All of this is fun stuff — but alas, there is a hitch. There is a famous saying, attributed to astronomer Carl Sagan, that “‘extraordinary claims require extraordinary evidence.'” As David Deming points out in an article published in the journal Philosophia, this argument has its own complications.

If the people who share these memories did all come from an alternate universe, wouldn’t they also share other memories of well-known news events that happened differently in that universe?

It’s a bit of a jump to assume that all those people somehow fell across the time stream from an alternate universe. Skeptic examined some of the factors that lead to this conclusion-jumping.

Tricks the Brain Plays

Mass confabulation and the Mandela Effect point to the subtleties of how the human mind works. In the case of the Berenstain Bears, “-stein” is a much more common word ending than “-stain.” Chances are that many of us never even noticed the actual spelling until it was brought to our attention.

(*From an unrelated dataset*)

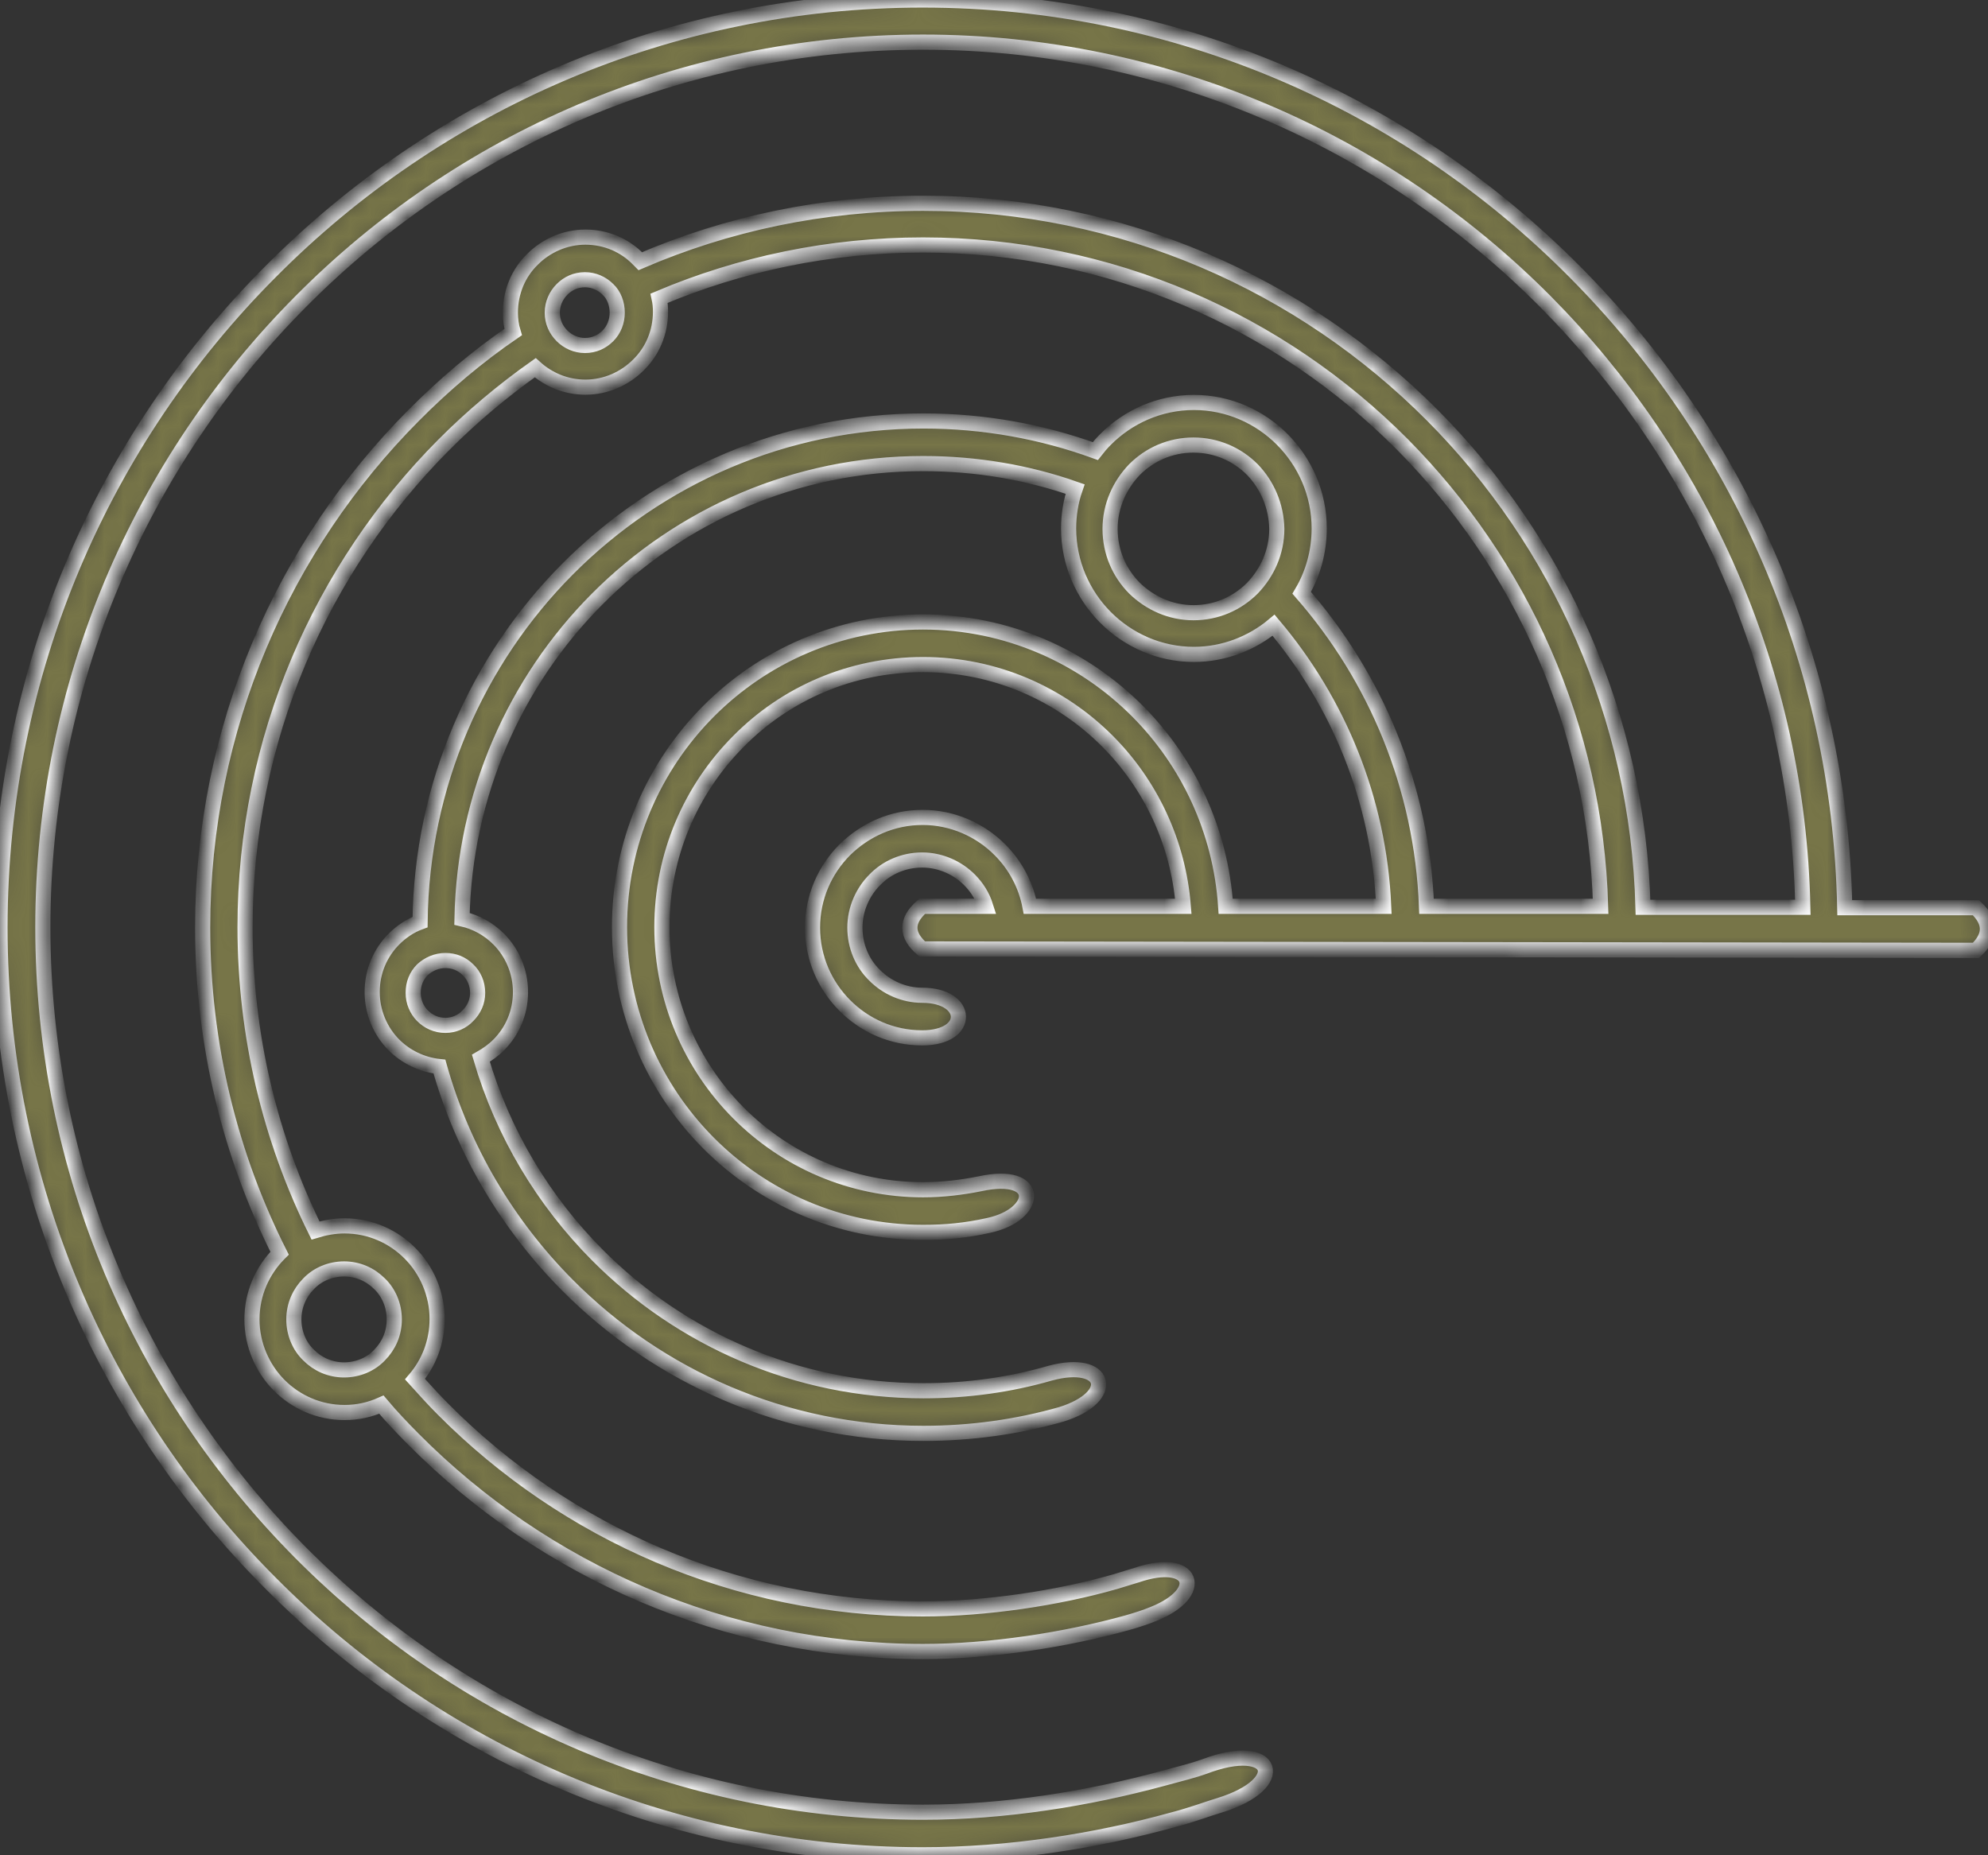 <svg xmlns="http://www.w3.org/2000/svg" width="105" height="98" viewBox="0 0 105 98" fill="none"><rect x="0" y="0" width="105" height="98" fill="#333333" stroke="none"/><g clip-path="url(#clip0_139_6027)"><mask id="path-1-inside-1_139_6027" fill="white"><path d="M48.729 43.178C50.31 43.178 51.77 43.838 52.816 44.89C53.619 45.697 54.179 46.725 54.398 47.875H62.499C62.231 44.474 60.747 41.416 58.509 39.166C56.003 36.646 52.549 35.105 48.754 35.105C44.934 35.105 41.479 36.646 38.998 39.166C36.492 41.685 34.959 45.159 34.959 48.975C34.959 52.816 36.516 56.29 38.998 58.785C41.504 61.305 44.958 62.846 48.754 62.846C49.775 62.846 50.797 62.724 51.77 62.528C55.054 61.819 54.86 64.167 52.208 64.73C51.016 64.999 49.946 65.097 48.754 65.097C44.326 65.097 40.312 63.287 37.417 60.375C34.522 57.464 32.721 53.428 32.721 48.975C32.721 44.523 34.522 40.487 37.417 37.576C40.312 34.664 44.326 32.854 48.754 32.854C53.181 32.854 57.195 34.664 60.09 37.576C62.742 40.242 64.469 43.863 64.737 47.875H73.082C72.838 42.224 70.673 37.062 67.267 33.026C66.124 33.98 64.64 34.567 63.058 34.567C61.234 34.567 59.58 33.808 58.387 32.61C57.195 31.411 56.441 29.747 56.441 27.913C56.441 27.179 56.563 26.469 56.782 25.833C54.276 24.953 51.575 24.488 48.754 24.488C42.015 24.488 35.933 27.228 31.529 31.655C27.223 35.986 24.523 41.955 24.401 48.535C25.155 48.706 25.812 49.073 26.347 49.612C27.053 50.321 27.491 51.324 27.491 52.4C27.491 53.501 27.053 54.48 26.347 55.189C26.055 55.483 25.739 55.703 25.398 55.899C26.566 59.886 28.707 63.433 31.553 66.296C35.957 70.723 42.063 73.463 48.778 73.463C51.113 73.463 53.352 73.145 55.468 72.534C58.46 71.726 59.044 73.781 56.052 74.711C53.741 75.371 51.284 75.714 48.778 75.714C41.431 75.714 34.789 72.729 29.972 67.886C26.834 64.73 24.45 60.767 23.209 56.339C22.285 56.241 21.433 55.825 20.8 55.189C20.095 54.48 19.657 53.477 19.657 52.4C19.657 51.3 20.095 50.321 20.8 49.612C21.19 49.22 21.652 48.902 22.187 48.706C22.26 41.441 25.228 34.836 29.972 30.065C34.789 25.222 41.431 22.237 48.778 22.237C51.965 22.237 55.03 22.8 57.852 23.827C58.023 23.607 58.193 23.411 58.387 23.216C59.58 22.017 61.234 21.259 63.058 21.259C64.883 21.259 66.537 22.017 67.729 23.216C68.921 24.414 69.676 26.078 69.676 27.913C69.676 29.16 69.335 30.334 68.751 31.313C72.644 35.765 75.101 41.539 75.344 47.875H84.54C84.272 38.358 80.307 29.772 74.079 23.485C67.608 16.977 58.655 12.941 48.754 12.941C43.815 12.941 39.095 13.944 34.813 15.754C34.862 15.975 34.886 16.219 34.886 16.464C34.886 17.565 34.449 18.568 33.719 19.277C33.013 19.986 32.016 20.451 30.921 20.451C29.899 20.451 28.975 20.06 28.269 19.424C26.542 20.647 24.912 22.017 23.428 23.509C16.957 30.017 12.943 39.019 12.943 48.975C12.943 54.724 14.281 60.18 16.665 64.999C17.151 64.852 17.662 64.754 18.197 64.754C19.56 64.754 20.776 65.317 21.652 66.198C22.528 67.078 23.087 68.326 23.087 69.671C23.087 70.895 22.649 71.996 21.92 72.852C22.406 73.39 22.893 73.928 23.404 74.442C29.875 80.949 38.828 84.986 48.729 84.986C52.062 84.986 55.857 84.423 58.923 83.542C59.336 83.42 59.701 83.297 60.042 83.2C63.034 82.172 63.74 84.129 60.917 85.255C60.504 85.426 60.042 85.573 59.531 85.719C56.271 86.625 52.305 87.236 48.754 87.236C38.244 87.236 28.732 82.955 21.847 76.032C21.263 75.445 20.679 74.833 20.144 74.197C19.535 74.466 18.903 74.613 18.197 74.613C16.835 74.613 15.619 74.05 14.743 73.17C13.867 72.289 13.307 71.041 13.307 69.696C13.307 68.326 13.867 67.103 14.743 66.222L14.767 66.198C12.164 61.036 10.704 55.189 10.704 49C10.704 38.432 14.962 28.867 21.847 21.944C23.452 20.329 25.204 18.837 27.102 17.54C27.004 17.222 26.956 16.855 26.956 16.513C26.956 15.412 27.393 14.409 28.123 13.699C28.829 12.99 29.826 12.525 30.921 12.525C32.016 12.525 33.013 12.966 33.719 13.699L33.816 13.797C38.414 11.816 43.45 10.739 48.754 10.739C59.263 10.739 68.775 15.021 75.66 21.944C82.302 28.622 86.511 37.796 86.778 47.924H95.22C94.953 35.447 89.795 24.17 81.621 15.926C73.203 7.461 61.574 2.226 48.754 2.226C35.908 2.226 24.279 7.461 15.886 15.926C7.469 24.39 2.263 36.083 2.263 48.975C2.263 61.892 7.469 73.561 15.886 82.025C24.304 90.49 35.933 95.725 48.754 95.725C53.059 95.725 57.463 95.016 61.428 93.939C62.328 93.695 63.034 93.523 63.642 93.303C67.316 91.909 68.143 94.208 64.421 95.358C63.764 95.554 62.937 95.872 61.988 96.116C57.852 97.266 53.23 97.975 48.729 97.975C35.276 97.975 23.087 92.496 14.281 83.616C5.449 74.784 0 62.528 0 49C0 35.472 5.449 23.216 14.281 14.36C23.087 5.48 35.276 0 48.729 0C62.183 0 74.371 5.48 83.178 14.36C91.766 22.995 97.166 34.836 97.434 47.948H104.367C105.17 48.706 105.17 49.44 104.367 50.199L48.705 50.125C47.878 49.416 47.805 48.657 48.705 47.875H52.062C51.892 47.337 51.6 46.872 51.211 46.48C50.578 45.844 49.678 45.428 48.705 45.428C47.732 45.428 46.832 45.82 46.199 46.48C45.566 47.116 45.153 48.022 45.153 49C45.153 49.978 45.542 50.884 46.199 51.52C46.832 52.156 47.732 52.572 48.705 52.572C51.211 52.572 51.308 54.822 48.705 54.822C47.099 54.822 45.664 54.162 44.618 53.11C43.572 52.058 42.915 50.615 42.915 49C42.915 47.385 43.572 45.942 44.618 44.89C45.688 43.838 47.123 43.178 48.729 43.178ZM66.148 24.806C65.345 23.998 64.251 23.509 63.034 23.509C61.818 23.509 60.723 23.998 59.92 24.806C59.142 25.613 58.631 26.714 58.631 27.937C58.631 29.16 59.117 30.261 59.92 31.068C60.723 31.851 61.818 32.365 63.034 32.365C64.251 32.365 65.345 31.876 66.148 31.068C66.927 30.261 67.437 29.16 67.437 27.937C67.413 26.714 66.927 25.613 66.148 24.806ZM32.113 15.29C31.797 14.972 31.359 14.776 30.897 14.776C30.41 14.776 29.997 14.972 29.68 15.29C29.364 15.608 29.169 16.048 29.169 16.513C29.169 17.002 29.364 17.418 29.68 17.736C29.997 18.054 30.434 18.25 30.897 18.25C31.383 18.25 31.797 18.054 32.113 17.736C32.429 17.418 32.6 16.977 32.6 16.513C32.6 16.048 32.429 15.583 32.113 15.29ZM24.717 51.226C24.401 50.908 23.988 50.737 23.525 50.737C23.063 50.737 22.625 50.933 22.309 51.226C21.993 51.544 21.822 51.96 21.822 52.449C21.822 52.914 22.017 53.355 22.309 53.648C22.625 53.966 23.039 54.162 23.525 54.162C23.988 54.162 24.425 53.966 24.717 53.648C25.034 53.33 25.228 52.914 25.228 52.449C25.228 51.96 25.034 51.52 24.717 51.226ZM20.046 67.812C19.56 67.323 18.903 67.029 18.173 67.029C17.443 67.029 16.762 67.323 16.3 67.812C15.813 68.302 15.521 68.962 15.521 69.696C15.521 70.43 15.813 71.115 16.3 71.58C16.786 72.069 17.443 72.362 18.173 72.362C18.903 72.362 19.584 72.069 20.046 71.58C20.533 71.09 20.825 70.43 20.825 69.696C20.825 68.962 20.533 68.277 20.046 67.812Z"></path></mask><path d="M48.729 43.178C50.31 43.178 51.77 43.838 52.816 44.89C53.619 45.697 54.179 46.725 54.398 47.875H62.499C62.231 44.474 60.747 41.416 58.509 39.166C56.003 36.646 52.549 35.105 48.754 35.105C44.934 35.105 41.479 36.646 38.998 39.166C36.492 41.685 34.959 45.159 34.959 48.975C34.959 52.816 36.516 56.29 38.998 58.785C41.504 61.305 44.958 62.846 48.754 62.846C49.775 62.846 50.797 62.724 51.77 62.528C55.054 61.819 54.86 64.167 52.208 64.73C51.016 64.999 49.946 65.097 48.754 65.097C44.326 65.097 40.312 63.287 37.417 60.375C34.522 57.464 32.721 53.428 32.721 48.975C32.721 44.523 34.522 40.487 37.417 37.576C40.312 34.664 44.326 32.854 48.754 32.854C53.181 32.854 57.195 34.664 60.09 37.576C62.742 40.242 64.469 43.863 64.737 47.875H73.082C72.838 42.224 70.673 37.062 67.267 33.026C66.124 33.98 64.64 34.567 63.058 34.567C61.234 34.567 59.58 33.808 58.387 32.61C57.195 31.411 56.441 29.747 56.441 27.913C56.441 27.179 56.563 26.469 56.782 25.833C54.276 24.953 51.575 24.488 48.754 24.488C42.015 24.488 35.933 27.228 31.529 31.655C27.223 35.986 24.523 41.955 24.401 48.535C25.155 48.706 25.812 49.073 26.347 49.612C27.053 50.321 27.491 51.324 27.491 52.4C27.491 53.501 27.053 54.48 26.347 55.189C26.055 55.483 25.739 55.703 25.398 55.899C26.566 59.886 28.707 63.433 31.553 66.296C35.957 70.723 42.063 73.463 48.778 73.463C51.113 73.463 53.352 73.145 55.468 72.534C58.46 71.726 59.044 73.781 56.052 74.711C53.741 75.371 51.284 75.714 48.778 75.714C41.431 75.714 34.789 72.729 29.972 67.886C26.834 64.73 24.45 60.767 23.209 56.339C22.285 56.241 21.433 55.825 20.8 55.189C20.095 54.48 19.657 53.477 19.657 52.4C19.657 51.3 20.095 50.321 20.8 49.612C21.19 49.22 21.652 48.902 22.187 48.706C22.26 41.441 25.228 34.836 29.972 30.065C34.789 25.222 41.431 22.237 48.778 22.237C51.965 22.237 55.03 22.8 57.852 23.827C58.023 23.607 58.193 23.411 58.387 23.216C59.58 22.017 61.234 21.259 63.058 21.259C64.883 21.259 66.537 22.017 67.729 23.216C68.921 24.414 69.676 26.078 69.676 27.913C69.676 29.16 69.335 30.334 68.751 31.313C72.644 35.765 75.101 41.539 75.344 47.875H84.54C84.272 38.358 80.307 29.772 74.079 23.485C67.608 16.977 58.655 12.941 48.754 12.941C43.815 12.941 39.095 13.944 34.813 15.754C34.862 15.975 34.886 16.219 34.886 16.464C34.886 17.565 34.449 18.568 33.719 19.277C33.013 19.986 32.016 20.451 30.921 20.451C29.899 20.451 28.975 20.06 28.269 19.424C26.542 20.647 24.912 22.017 23.428 23.509C16.957 30.017 12.943 39.019 12.943 48.975C12.943 54.724 14.281 60.18 16.665 64.999C17.151 64.852 17.662 64.754 18.197 64.754C19.56 64.754 20.776 65.317 21.652 66.198C22.528 67.078 23.087 68.326 23.087 69.671C23.087 70.895 22.649 71.996 21.92 72.852C22.406 73.39 22.893 73.928 23.404 74.442C29.875 80.949 38.828 84.986 48.729 84.986C52.062 84.986 55.857 84.423 58.923 83.542C59.336 83.42 59.701 83.297 60.042 83.2C63.034 82.172 63.74 84.129 60.917 85.255C60.504 85.426 60.042 85.573 59.531 85.719C56.271 86.625 52.305 87.236 48.754 87.236C38.244 87.236 28.732 82.955 21.847 76.032C21.263 75.445 20.679 74.833 20.144 74.197C19.535 74.466 18.903 74.613 18.197 74.613C16.835 74.613 15.619 74.05 14.743 73.17C13.867 72.289 13.307 71.041 13.307 69.696C13.307 68.326 13.867 67.103 14.743 66.222L14.767 66.198C12.164 61.036 10.704 55.189 10.704 49C10.704 38.432 14.962 28.867 21.847 21.944C23.452 20.329 25.204 18.837 27.102 17.54C27.004 17.222 26.956 16.855 26.956 16.513C26.956 15.412 27.393 14.409 28.123 13.699C28.829 12.99 29.826 12.525 30.921 12.525C32.016 12.525 33.013 12.966 33.719 13.699L33.816 13.797C38.414 11.816 43.45 10.739 48.754 10.739C59.263 10.739 68.775 15.021 75.66 21.944C82.302 28.622 86.511 37.796 86.778 47.924H95.22C94.953 35.447 89.795 24.17 81.621 15.926C73.203 7.461 61.574 2.226 48.754 2.226C35.908 2.226 24.279 7.461 15.886 15.926C7.469 24.39 2.263 36.083 2.263 48.975C2.263 61.892 7.469 73.561 15.886 82.025C24.304 90.49 35.933 95.725 48.754 95.725C53.059 95.725 57.463 95.016 61.428 93.939C62.328 93.695 63.034 93.523 63.642 93.303C67.316 91.909 68.143 94.208 64.421 95.358C63.764 95.554 62.937 95.872 61.988 96.116C57.852 97.266 53.23 97.975 48.729 97.975C35.276 97.975 23.087 92.496 14.281 83.616C5.449 74.784 0 62.528 0 49C0 35.472 5.449 23.216 14.281 14.36C23.087 5.48 35.276 0 48.729 0C62.183 0 74.371 5.48 83.178 14.36C91.766 22.995 97.166 34.836 97.434 47.948H104.367C105.17 48.706 105.17 49.44 104.367 50.199L48.705 50.125C47.878 49.416 47.805 48.657 48.705 47.875H52.062C51.892 47.337 51.6 46.872 51.211 46.48C50.578 45.844 49.678 45.428 48.705 45.428C47.732 45.428 46.832 45.82 46.199 46.48C45.566 47.116 45.153 48.022 45.153 49C45.153 49.978 45.542 50.884 46.199 51.52C46.832 52.156 47.732 52.572 48.705 52.572C51.211 52.572 51.308 54.822 48.705 54.822C47.099 54.822 45.664 54.162 44.618 53.11C43.572 52.058 42.915 50.615 42.915 49C42.915 47.385 43.572 45.942 44.618 44.89C45.688 43.838 47.123 43.178 48.729 43.178ZM66.148 24.806C65.345 23.998 64.251 23.509 63.034 23.509C61.818 23.509 60.723 23.998 59.92 24.806C59.142 25.613 58.631 26.714 58.631 27.937C58.631 29.16 59.117 30.261 59.92 31.068C60.723 31.851 61.818 32.365 63.034 32.365C64.251 32.365 65.345 31.876 66.148 31.068C66.927 30.261 67.437 29.16 67.437 27.937C67.413 26.714 66.927 25.613 66.148 24.806ZM32.113 15.29C31.797 14.972 31.359 14.776 30.897 14.776C30.41 14.776 29.997 14.972 29.68 15.29C29.364 15.608 29.169 16.048 29.169 16.513C29.169 17.002 29.364 17.418 29.68 17.736C29.997 18.054 30.434 18.25 30.897 18.25C31.383 18.25 31.797 18.054 32.113 17.736C32.429 17.418 32.6 16.977 32.6 16.513C32.6 16.048 32.429 15.583 32.113 15.29ZM24.717 51.226C24.401 50.908 23.988 50.737 23.525 50.737C23.063 50.737 22.625 50.933 22.309 51.226C21.993 51.544 21.822 51.96 21.822 52.449C21.822 52.914 22.017 53.355 22.309 53.648C22.625 53.966 23.039 54.162 23.525 54.162C23.988 54.162 24.425 53.966 24.717 53.648C25.034 53.33 25.228 52.914 25.228 52.449C25.228 51.96 25.034 51.52 24.717 51.226ZM20.046 67.812C19.56 67.323 18.903 67.029 18.173 67.029C17.443 67.029 16.762 67.323 16.3 67.812C15.813 68.302 15.521 68.962 15.521 69.696C15.521 70.43 15.813 71.115 16.3 71.58C16.786 72.069 17.443 72.362 18.173 72.362C18.903 72.362 19.584 72.069 20.046 71.58C20.533 71.09 20.825 70.43 20.825 69.696C20.825 68.962 20.533 68.277 20.046 67.812Z" fill="#777548" stroke="white" stroke-width="0.8" mask="url(#path-1-inside-1_139_6027)"></path></g><defs><clipPath id="clip0_139_6027"><rect width="105" height="98" fill="white"></rect></clipPath></defs></svg>

As for people who say the US has 52 states, said Snopes, this suggests a brain slip, with people remembering that a deck of cards has 52 cards instead.

In the case of Nelson Mandela, he vanished from public view during his lengthy imprisonment, so it’s no surprise that many people thought he must have died. But exactly why and how their brains went on to construct vivid “memories” of a funeral remains a puzzle.

All of these examples suggest that memory is not like a recording, but more like a narrative that the brain reconstructs out of multiple building blocks — blocks that can sometimes get mixed up or misplaced.

What is the Mandela Effect? Insight to the complexities of the human mind. And, for science fiction writers and Hollywood, a pretty good excuse to play with multiverse concepts.